Material shown
+-------+

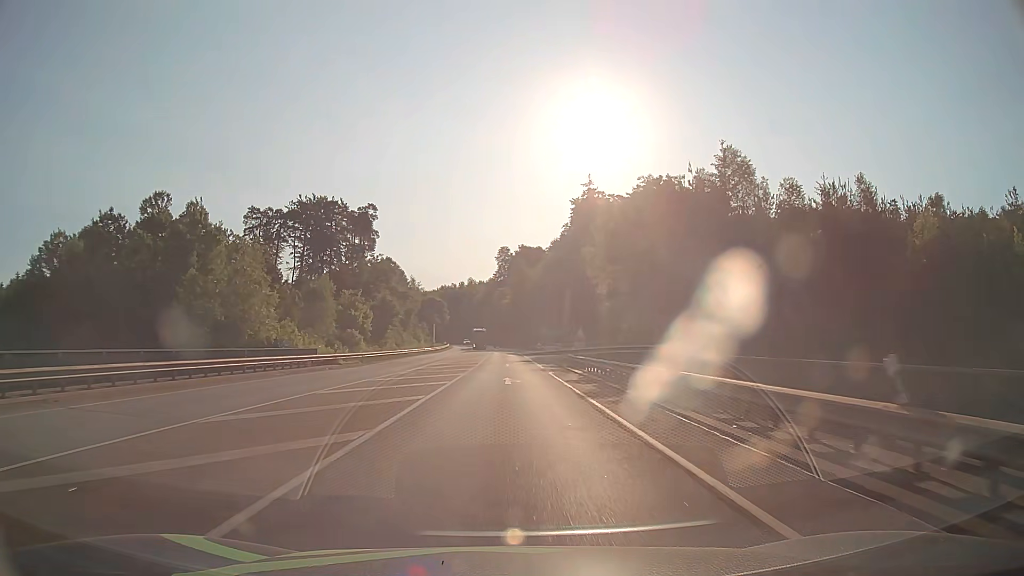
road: secondary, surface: asphalt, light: Day
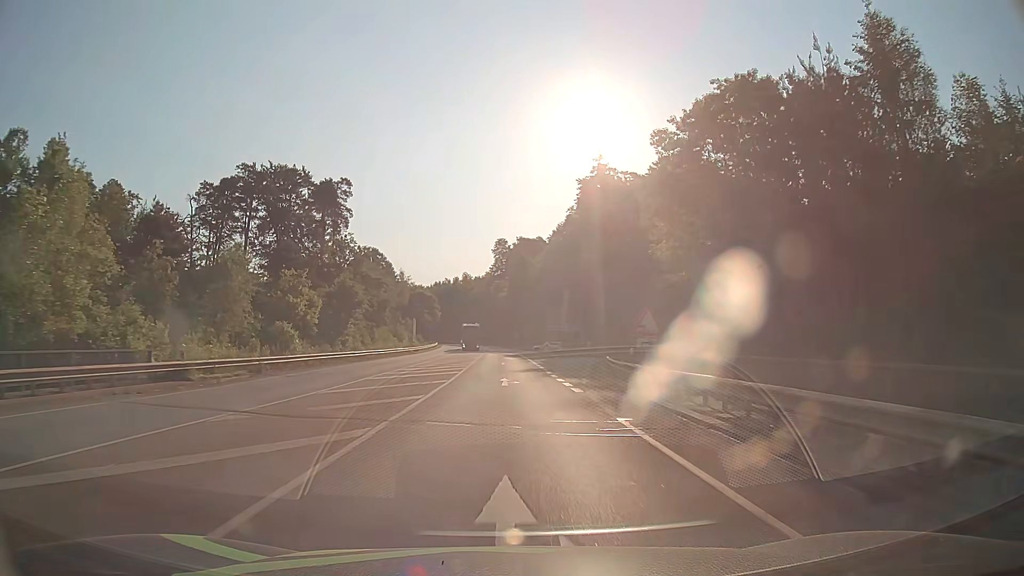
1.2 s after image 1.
(+0.1, +21.5) m; 0°
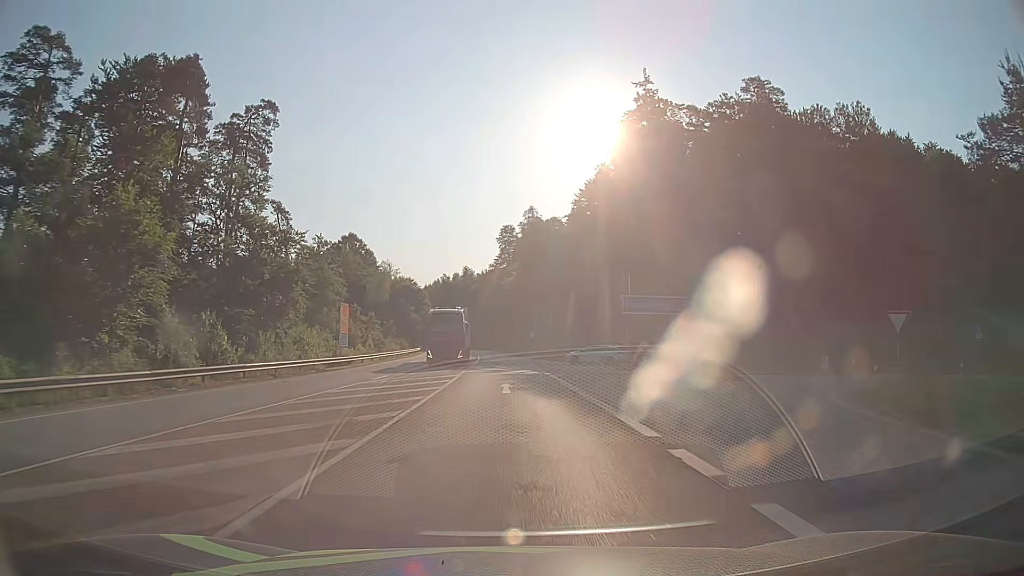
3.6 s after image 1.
(-0.1, +43.0) m; 0°
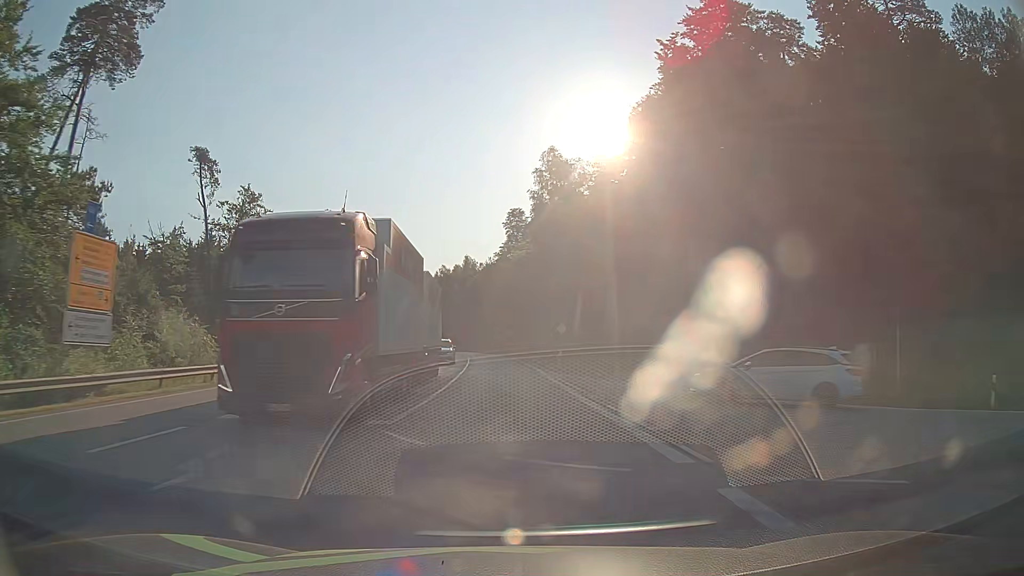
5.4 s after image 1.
(-0.3, +32.2) m; -1°
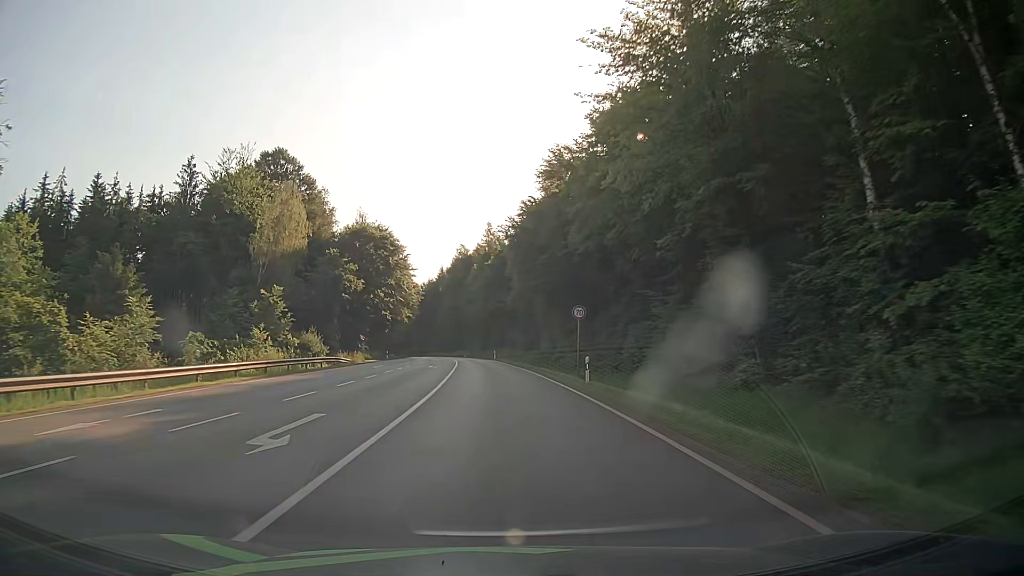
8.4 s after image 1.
(-1.2, +53.6) m; -3°
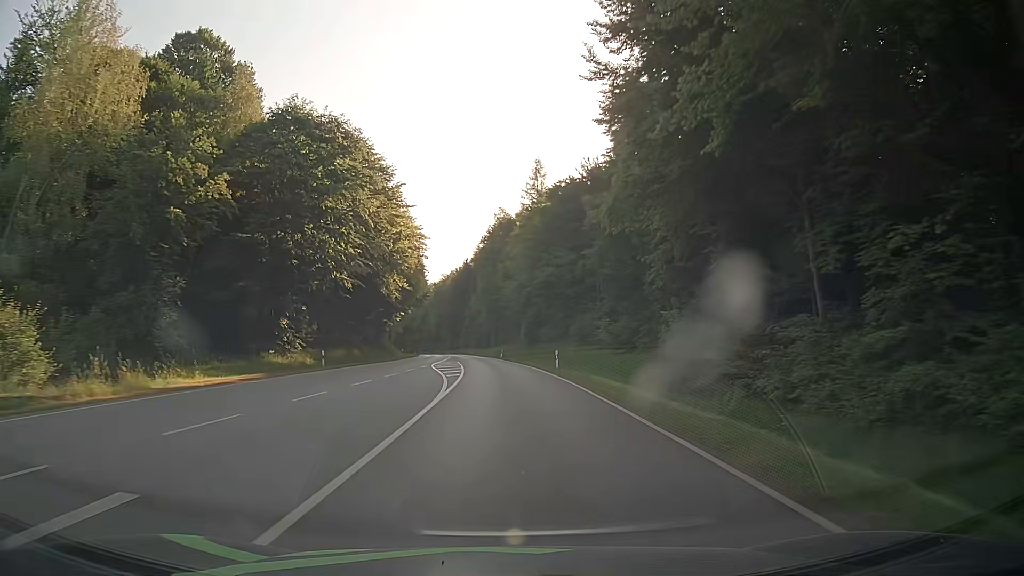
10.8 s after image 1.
(-1.6, +43.0) m; -4°
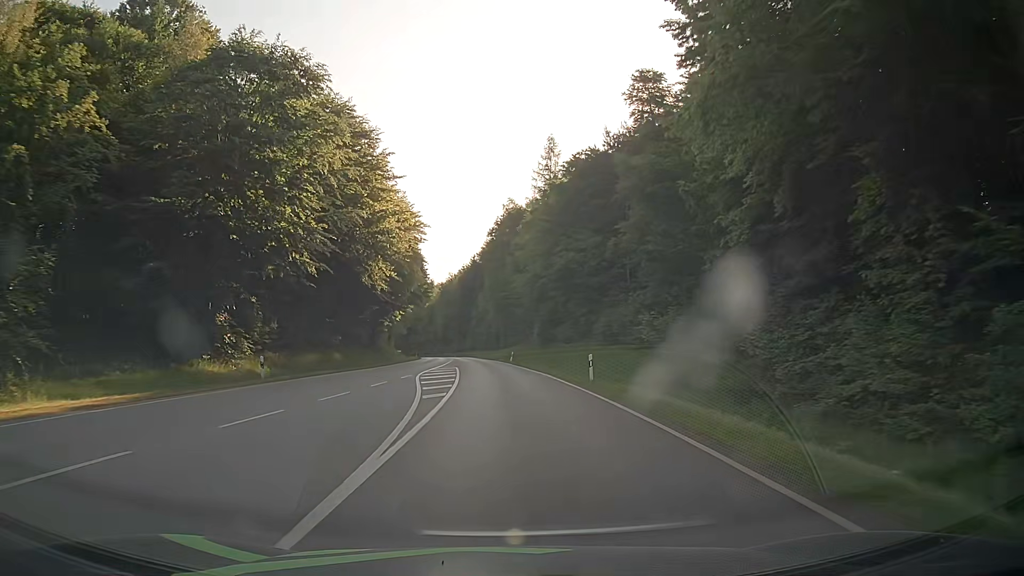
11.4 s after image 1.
(-0.1, +10.8) m; -1°
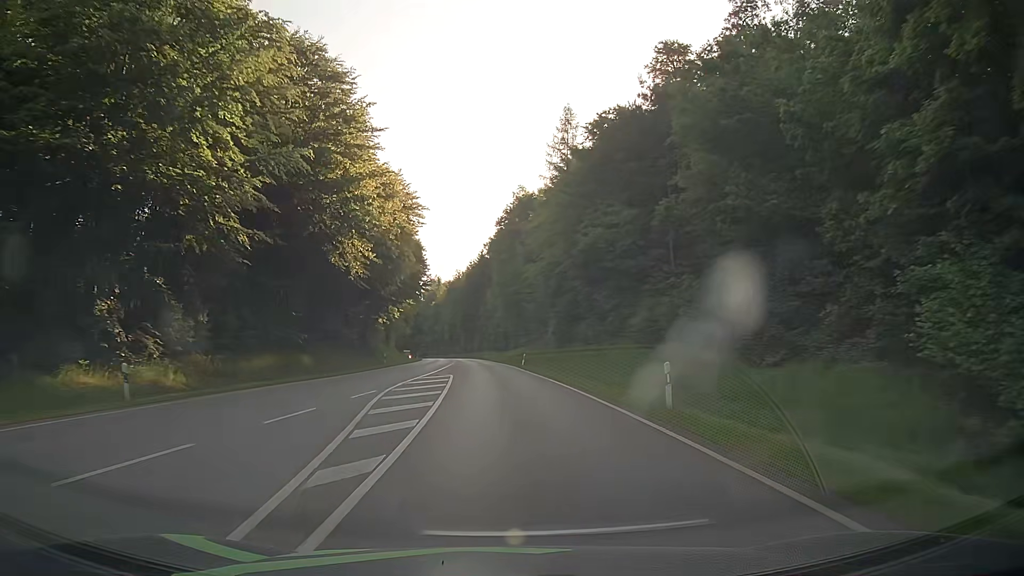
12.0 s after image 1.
(-0.1, +10.8) m; -1°
(0, +10) (0, +20) (-1, +30) (-1, +40) (-2, +50) (-2, +60) (-3, +70) (-4, +80) (-5, +90) (-6, +100) m

+-------+

What to do
Word for word, copy every line of the data, excluding any pictures.

The answer
road: secondary, surface: asphalt, light: Day
1.2 s after image 1.
(+0.1, +21.5) m; 0°
3.6 s after image 1.
(-0.1, +43.0) m; 0°
5.4 s after image 1.
(-0.3, +32.2) m; -1°
8.4 s after image 1.
(-1.2, +53.6) m; -3°
10.8 s after image 1.
(-1.6, +43.0) m; -4°
11.4 s after image 1.
(-0.1, +10.8) m; -1°
12.0 s after image 1.
(-0.1, +10.8) m; -1°
(0, +10) (0, +20) (-1, +30) (-1, +40) (-2, +50) (-2, +60) (-3, +70) (-4, +80) (-5, +90) (-6, +100) m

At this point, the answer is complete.